CENTRO DE INVESTIGACIONES CARDIOVASCULARES "DR. HORACIO EUGENIO CINGOLANI"
Unidad Ejecutora - UE
congresos y reuniones científicas
Successive activation of PKA and CaMKII pathways in the progression towards left ventricular hypertrophy (LVH) and heart failure (HF)
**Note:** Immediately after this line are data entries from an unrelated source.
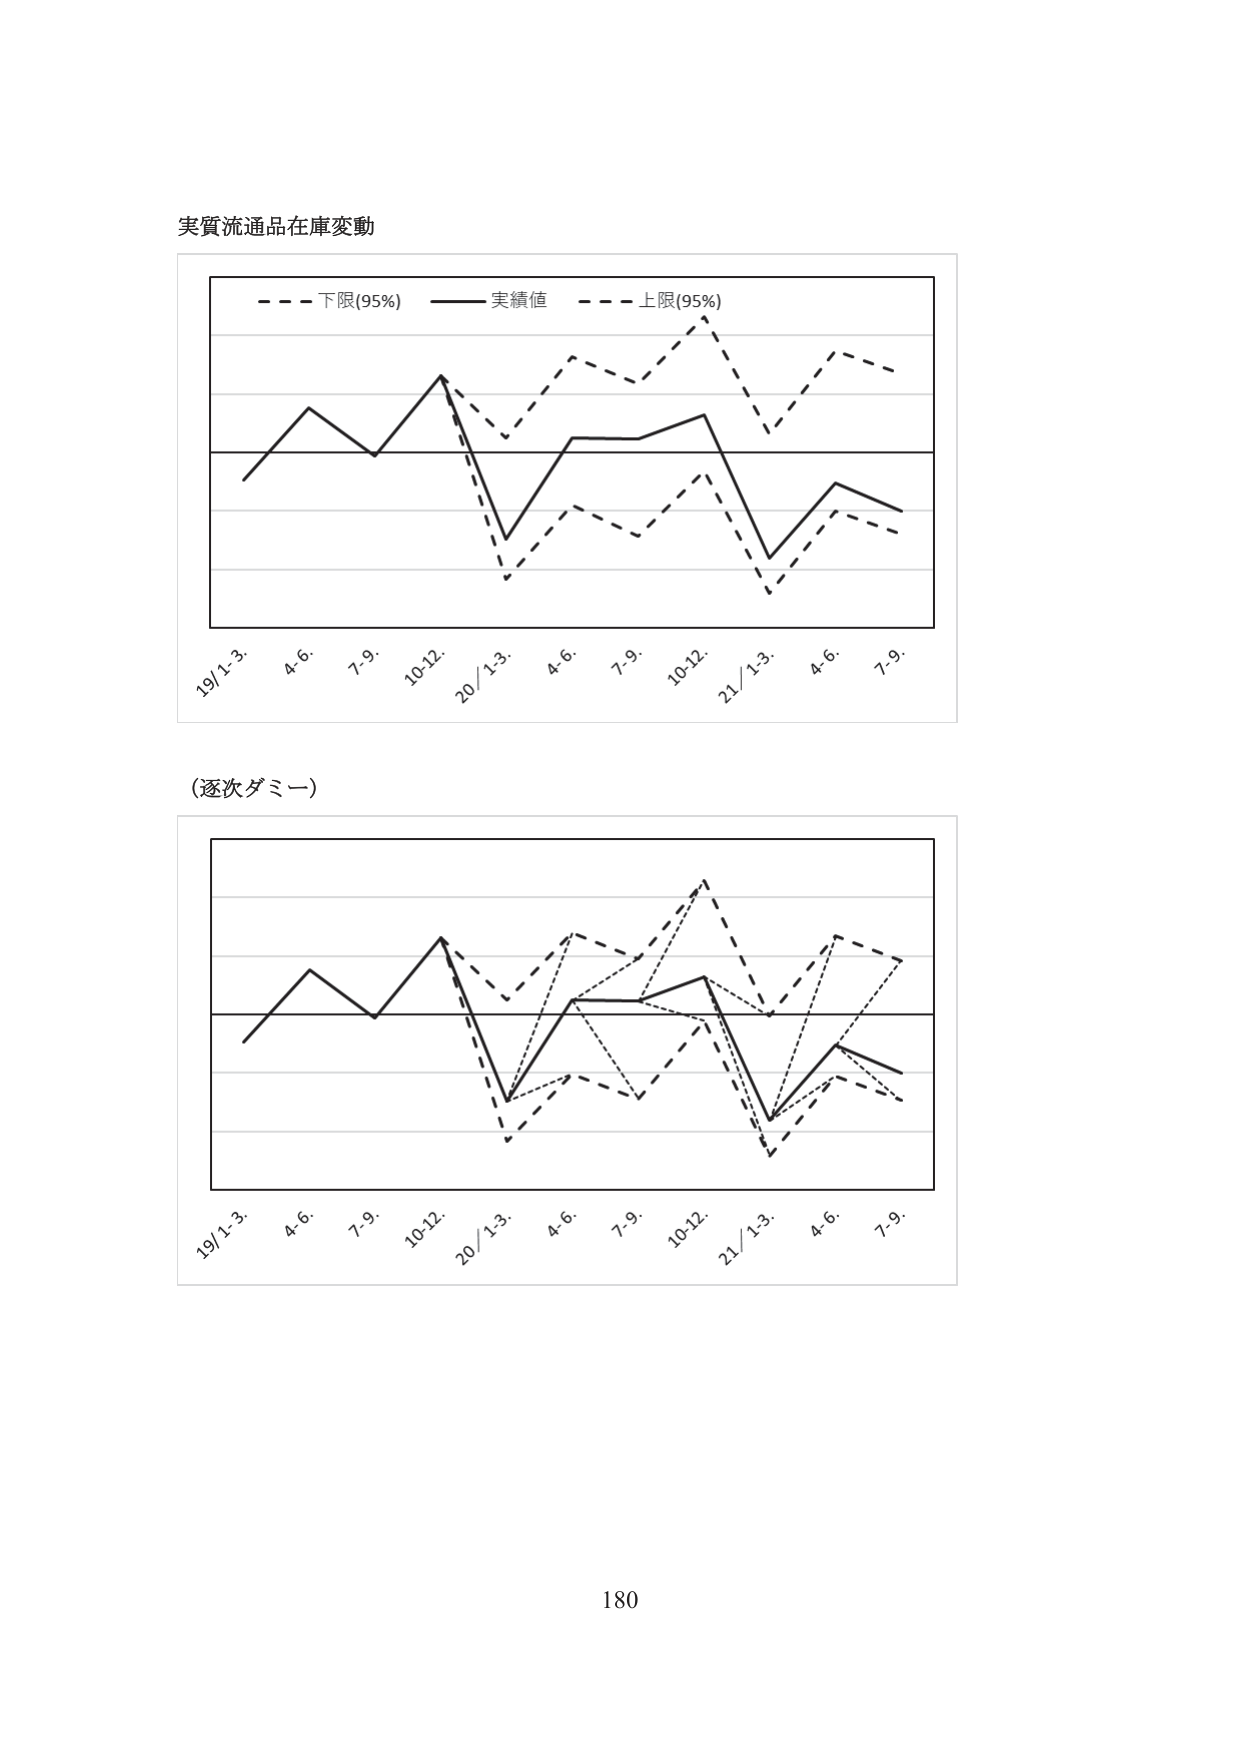
実質流通品在庫変動

- - - 下限(95%) —— 実績値 - - - 上限(95%)

19/1-3. 4-6. 7-9. 10-12. 20/1-3. 4-6. 7-9. 10-12. 21/1-3. 4-6. 7-9.

(逐次ダミー)

19/1-3. 4-6. 7-9. 10-12. 20/1-3. 4-6. 7-9. 10-12. 21/1-3. 4-6. 7-9.

180
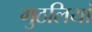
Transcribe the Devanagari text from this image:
गुठलियां
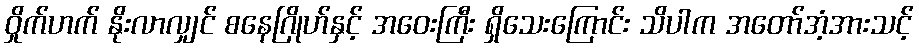
ဝှိုက်ဟက် နိုးလာလျှင် စနေဂြိုဟ်နှင့် အဝေးကြီး ရှိသေးကြောင်း သိပါက အတော်အံ့အားသင့်
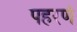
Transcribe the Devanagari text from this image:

BECERRA R; GONULENKO R; SAID M; RINALDI G; MUNDIÑA WEILEWNMAN C; VITTONE L; MATTIAZZI A
Ciudad Autónoma de Buenos Aires - Buenos Aires - Argentina
Congreso; XVII Meeting of ISHR Latin American Section; 2009
ISHR sección Latinoamericana
Alterations of sympathetic tone and Cai2+ homeostasis occur in the progression towards LVH and HF. We studied the expression and phosphorylation of proteins that regulate Cai2+ and cardiac function in rats after 3, 5 and 9 months (mo) of aortic constriction (AC). AC rats were compared with the corresponding sham (S). At 3 months, systolic and diastolic LV function decreased: maximum rate of pressure development was (mmHg/s) 4478±228 AC vs. 5581± 416 S (n=79) (pb0.05) and relaxation constant Tau (ms) was 13.6±1.1 AC vs. 8.4±0.8 S (n=78) (pb0.05). LV function transiently mproved (5 months) in association with an increase in PKA-dependent phosphorylation of phospholamban (PLN), the regulatory protein of SERCA2a. At 9 months, LVH (LV weight/corporal weight) was evident 2.21±0.06 AC vs. 1.99±0.04 S (n=56) (pb0.05), in association with an impairment in contractility, an increase in end diastolic pressure and an enhanced CaMKII-dependent phosphorylation of PLN. The expression of Na+/Ca2+ exchanger, SERCA2a, PLN and ryanodine receptors did not change. Results suggest that in the progression towards LVH and HF there is a change in the signaling pathways that modulate LV function. While activation of PKA is associated to beneficial effects, activation of CaMKII is associated with a severe impairment of LV function.